Stawiam drugie pytanie: czy moja reakcja w związku z odkryciem źródła jest adekwatna do tego odkrycia? Co z tym robię?  W przypadku takich objawów jak nadmierna potliwość czy kołatanie serca, sprawa jest prostsza. Pocę się nadmiernie – sprawdzam źródło  (może być to choroba, leki, zioła, niewłaściwe ubranie)  – reaguję adekwatnie (przebieram się, biorę prysznic, uznaję fakt, że leki na przeziębienie mogą mieć działanie napotne). Tak działa trzeźwy, myślący człowiek – nie ma w tym przypadku mowy o głodzie, gdyż realnie widzę sytuację i realnie widzę siebie w danej sytuacji. W przypadku zaburzeń snu jest to bardziej złożone.  Dokonanie korekt może wymagać dłuższego czasu, ale i tu mamy możliwość realnego oglądu zdarzenia i wyciągnięcia logicznych wniosków.  Jednym zdaniem: czy myślisz  logicznie, nie huśtając się na emocjach, czy potrafisz nazywać rzeczy po imieniu i czy przekładasz myśli i słowa na czyny? Oraz, czy Twoje działania nie naruszają przestrzeni fundamentalnych wartości – życia, zdrowia, wolności, godności – Twojej i innych?  

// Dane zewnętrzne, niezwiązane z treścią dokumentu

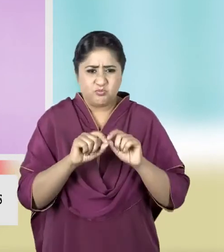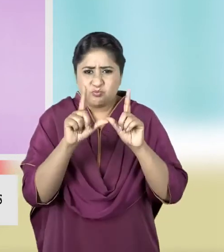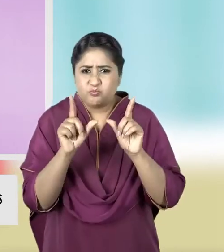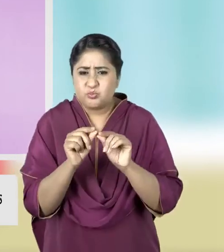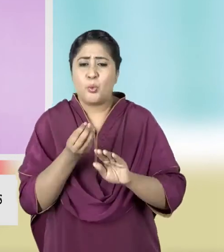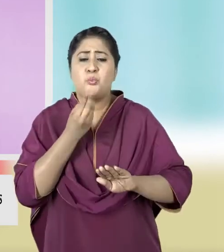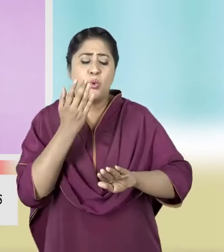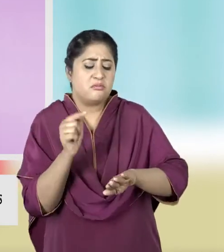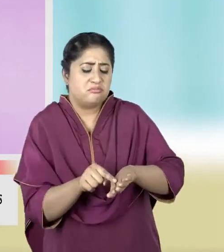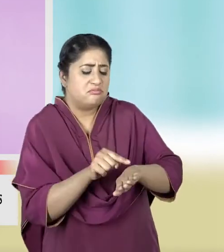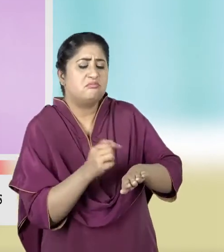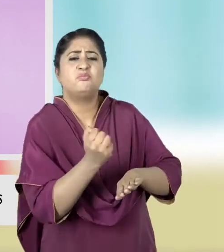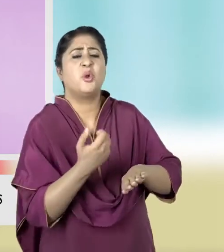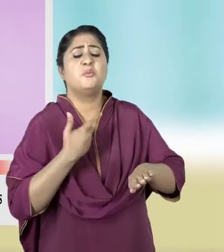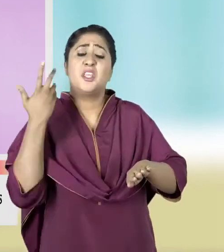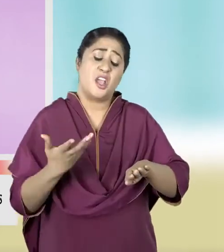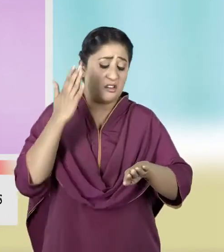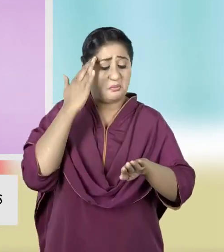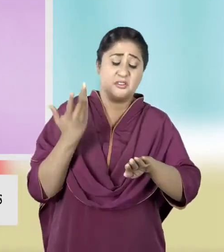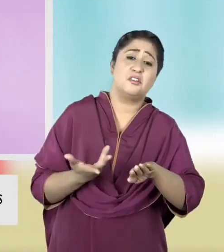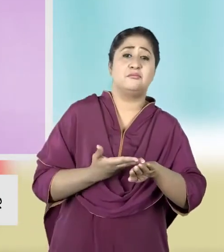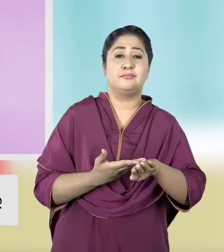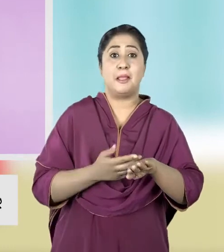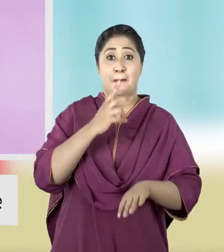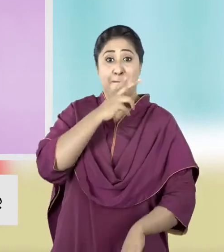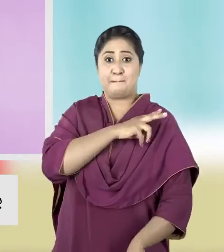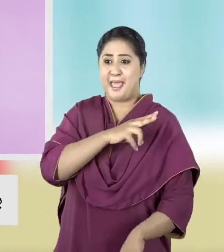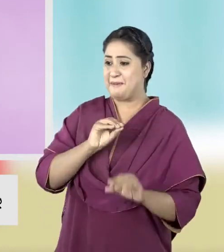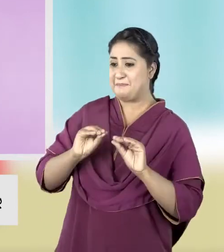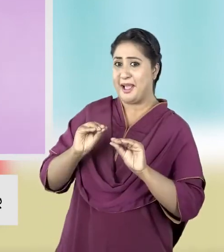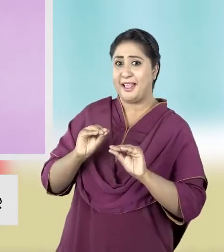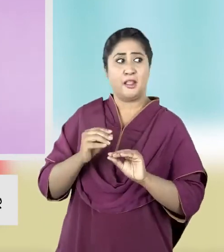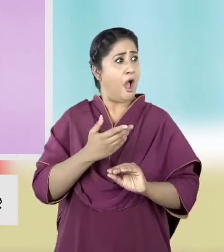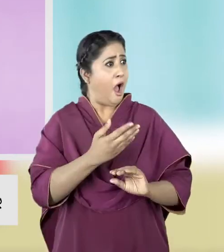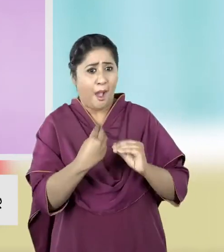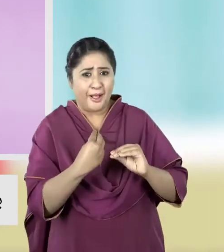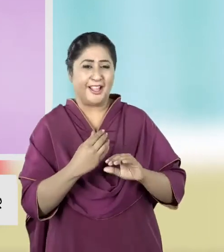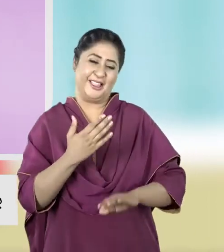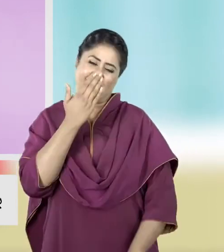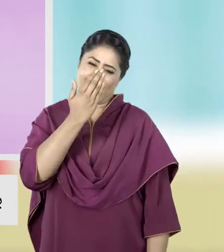या फूल में से क्या बनवाओं? बहुत अच्छा, अलीना मदद के लिए शुक्रिया
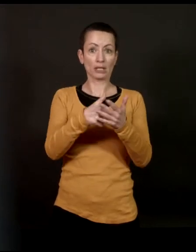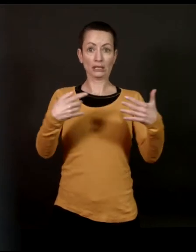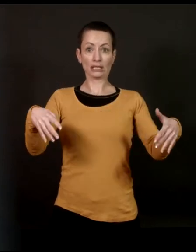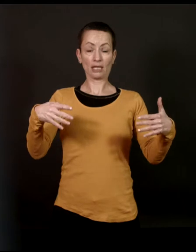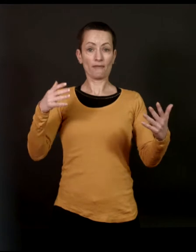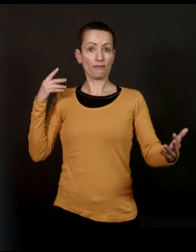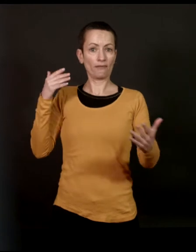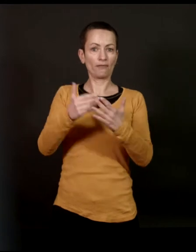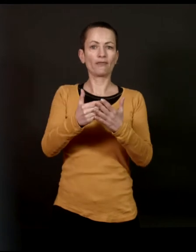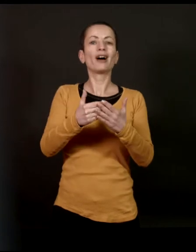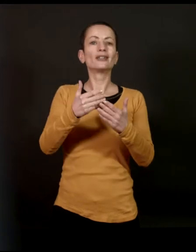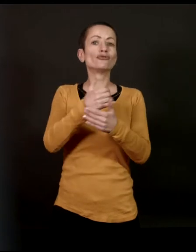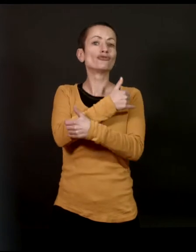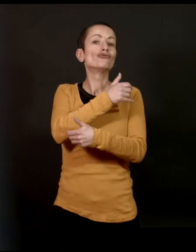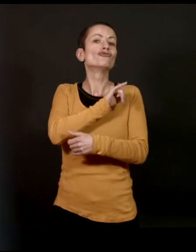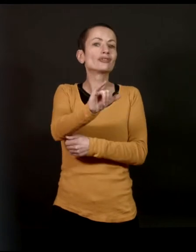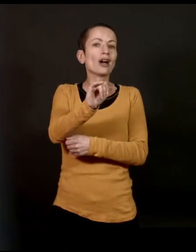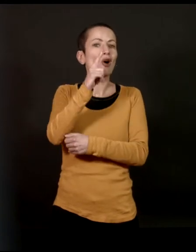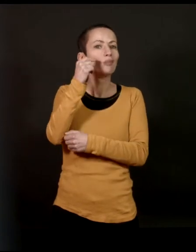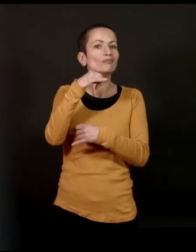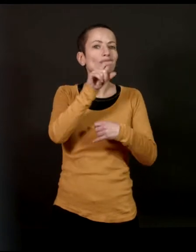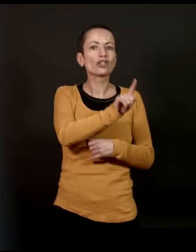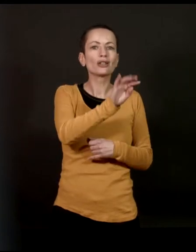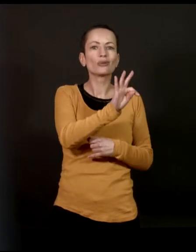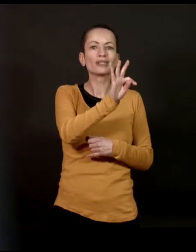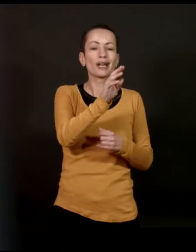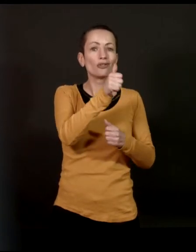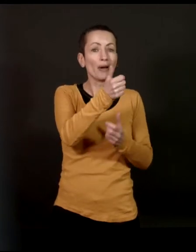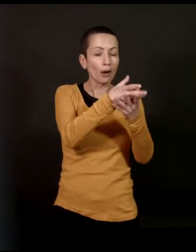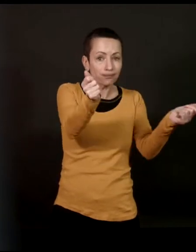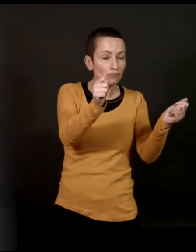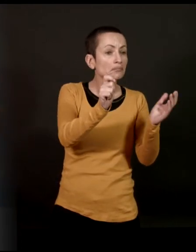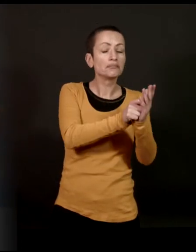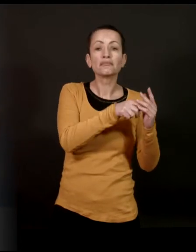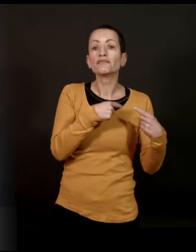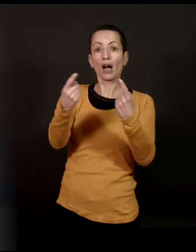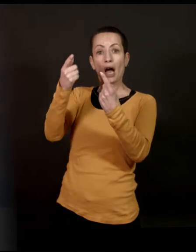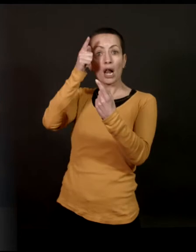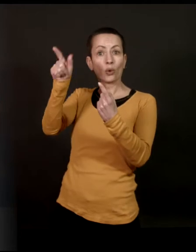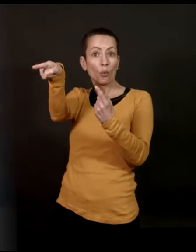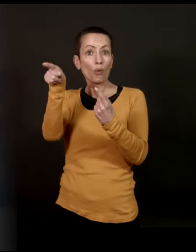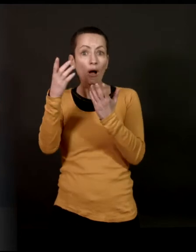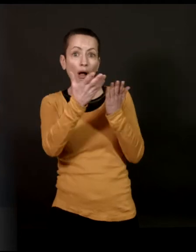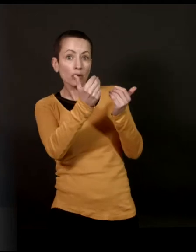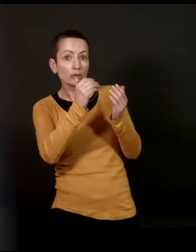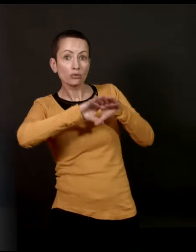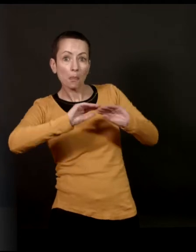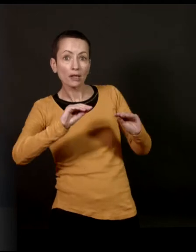2019, qui donc s'est terminé avec la disparition de Gérald Thomassin qui se rendait à Lyon. Vous l'attendiez, vous aviez rendez-vous avec lui

Dziennik głodu miłości pomaga odkryć tropy i klucze do źródła naszych rzeczywistych, najpoważniejszych życiowych problemów, niosące dojmujący ból, który na różne sposoby próbujemy znieczulić. Ogromną przeszkodą w tworzeniu takiego dziennika jest lęk przed rentgenem duszy, przez zobaczeniem realnego obrazu  siebie samej, siebie samego. Jesteśmy przecież uciekinierami przed samym sobą, nie lubimy siebie, nie uważamy siebie za wartość, dopuszczamy do demolowania przestrzeni wartości ( godność, wolność, zdrowie i życie) w naszym życiu i demolujemy tę przestrzeń w życiu innych. Budujemy fasady, jesteśmy przebierańcami. Odkłamanie się i porzucenie przebrania nie jest łatwe, ale finalnie oczyszczające, uwalniające, wprowadzające nas na drogę zmian. W  swojej wolności możesz wybrać niezapisywanie takiego dziennika. W swojej wolności możesz wszystko. Ale, „nie wszystko jest pożyteczne i budujące”.

Czy masz swój dziennik głodu? Czy potrafisz określić źródło swoich problemów? Czy postępujesz adekwatnie, w sam raz, do swoich odkryć?